Mensos Tersangka Kasus Suap Bansos, Mahfud Dukung KPK Tangkap Koruptor di Institusi Pemerintah
JAKARTA, iNews.id - Menteri Koordinator Bidang Politik, Hukum dan Keamanan (Menko Polhukam) Mahfud MD mendukung KPK menangkap dan memburu koruptor di institusi pemerintah. Termasuk operasi tangkap tangan (OTT) di Kementerian Sosial (Kemensos).
"Pemerintah mendukung langkah-langkah KPK menangkap dan memburu para koruptor di institusi-institusi Pemerintah, termasuk di KKP, Kemensos, OTT Pemda, dll," kata Mahfud dalam akun Twitternya, Minggu (6/12/2020).
Menurut dia, Presiden Joko Widodo sudah memerintahkan KPK, Kejagung dan Polri tidak takut memerangi korupsi.
"Sejak awal Presiden sudah meminta agar KPK, kejagung, dan Polri tidak rikuh memerangi korupsi asalkan benar dan profesional. Bravo, KPK," ucap dia.
Uang Suap Rp14,5 Miliar untuk Mensos Juliari Disiapkan dalam 7 Koper, 3 Ransel, dan Amplop
Sebelumnya, KPK telah menetapkan lima orang tersangka kasus dugaan suap terkait pengadaan paket bansos berupa sembako untuk penanganan Covid-19 di wilayah Jabodetabek. Kelima tersangka itu yakni, Mensos Juliari P Batubara.
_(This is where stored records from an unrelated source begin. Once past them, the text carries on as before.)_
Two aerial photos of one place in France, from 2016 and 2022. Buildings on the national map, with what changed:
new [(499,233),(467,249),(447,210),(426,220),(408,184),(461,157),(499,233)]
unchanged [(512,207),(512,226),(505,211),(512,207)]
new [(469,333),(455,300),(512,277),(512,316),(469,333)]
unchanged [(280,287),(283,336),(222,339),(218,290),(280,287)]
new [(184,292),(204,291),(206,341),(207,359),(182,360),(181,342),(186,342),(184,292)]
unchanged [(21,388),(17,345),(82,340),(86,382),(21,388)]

Kemudian, PPK Kemensos, Matheus Joko Santoso dan Adi Wahyono serta dua pihak swasta pemberi suap yakni Ardian IM (AIM), Harry Sidabuke (HS).
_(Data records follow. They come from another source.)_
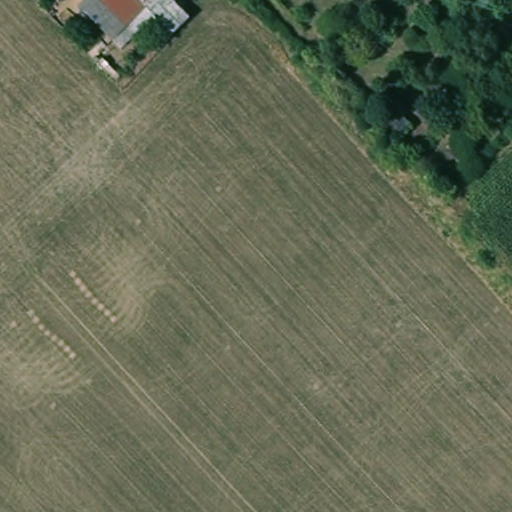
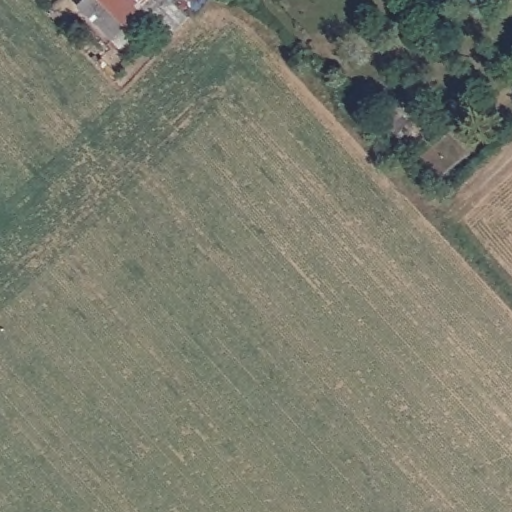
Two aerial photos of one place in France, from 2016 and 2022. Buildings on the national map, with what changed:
unchanged [(191,13),(166,42),(157,34),(165,25),(157,16),(124,49),(78,6),(84,0),(174,0),(191,13)]

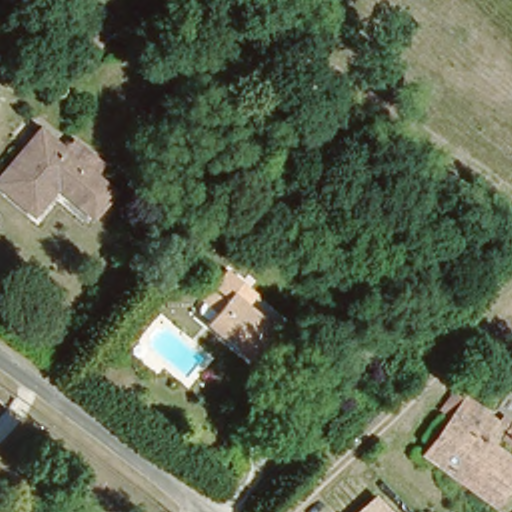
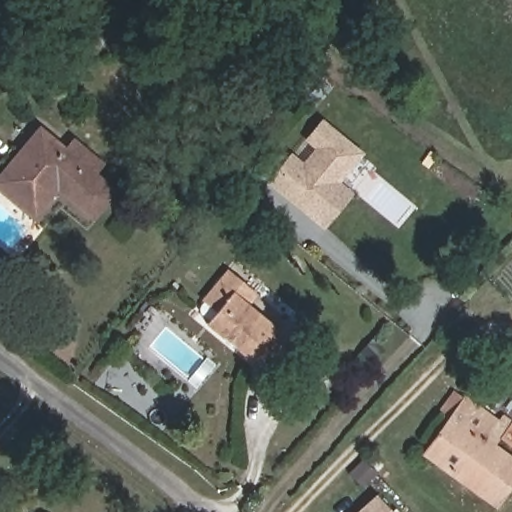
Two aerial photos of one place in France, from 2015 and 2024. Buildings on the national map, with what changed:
new [(340,182),(353,194),(322,230),(266,182),(290,152),(302,163),(314,148),(304,139),(321,118),(364,153),(340,182)]
unchanged [(74,137),(106,161),(99,171),(117,189),(94,219),(58,190),(36,215),(0,186),(0,171),(40,125),(66,145),(74,137)]
unchanged [(282,357),(262,343),(253,356),(206,322),(209,318),(202,313),(200,309),(201,305),(205,299),(201,296),(224,265),(239,275),(251,284),(242,297),(276,323),(271,330),(291,344),(282,357)]
unchanged [(512,464),(512,481),(495,502),(434,455),(427,450),(451,419),(448,416),(462,399),(502,431),(507,424),(512,428),(512,446),(498,435),(490,446),(512,464)]
unchanged [(393,512),(357,512),(377,494),(393,512)]

Juliari diduga menerima suap terkait pengadaan bantuan sosial (bansos) berupa paket sembako untuk penanganan Covid-19 di wilayah Jabodetabek. Dia diduga mendapat “jatah” sebesar Rp17 miliar dari pengadaan paket bansos Covid-19.
Jadi Tersangka, Pejabat Kemensos Catut Rp10.000 per Paket Bansos Covid-19
Dari jumlah tersebut, sebanyak Rp8,2 miliar diduga telah diterima politikus PDIP itu dari pengadaan bansos periode pertama. Juliari dikatakan bakal mendapat jatah lagi sebesar Rp8,8 miliar pada pengadaan paket bansos periode kedua.
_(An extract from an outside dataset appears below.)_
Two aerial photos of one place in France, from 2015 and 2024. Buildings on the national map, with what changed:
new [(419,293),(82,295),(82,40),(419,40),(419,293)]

Atas perbuatannya, tersangka Matheus Joko Santoso, dan inisial AW disangkakan melanggar Pasal 12 huruf a atau Pasal 12 huruf b atau Pasal 11 dan Pasal 12 (i) Undang-Undang Pemberantasan Tindak Pidana Korupsi juncto Pasal 55 Ayat (1) ke-1 KUHP.
Sementara, tersangka Juliari Batubara disangkakan melanggar Pasal 12 huruf a atau Pasal 12 huruf b atau Pasal 11 Undang-Undang Pemberantasan Tindak Pidana Korupsi juncto Pasal 55 Ayat (1) ke-1 KUHP.
Sedangkan para tersangka pemberi suap disangkakan melanggar Pasal 5 Ayat (1) huruf atau Pasal 5 Ayat (1) huruf b atau Pasal 13 Undang-Undang Pemberantasan TIndak Pidana Korupsi.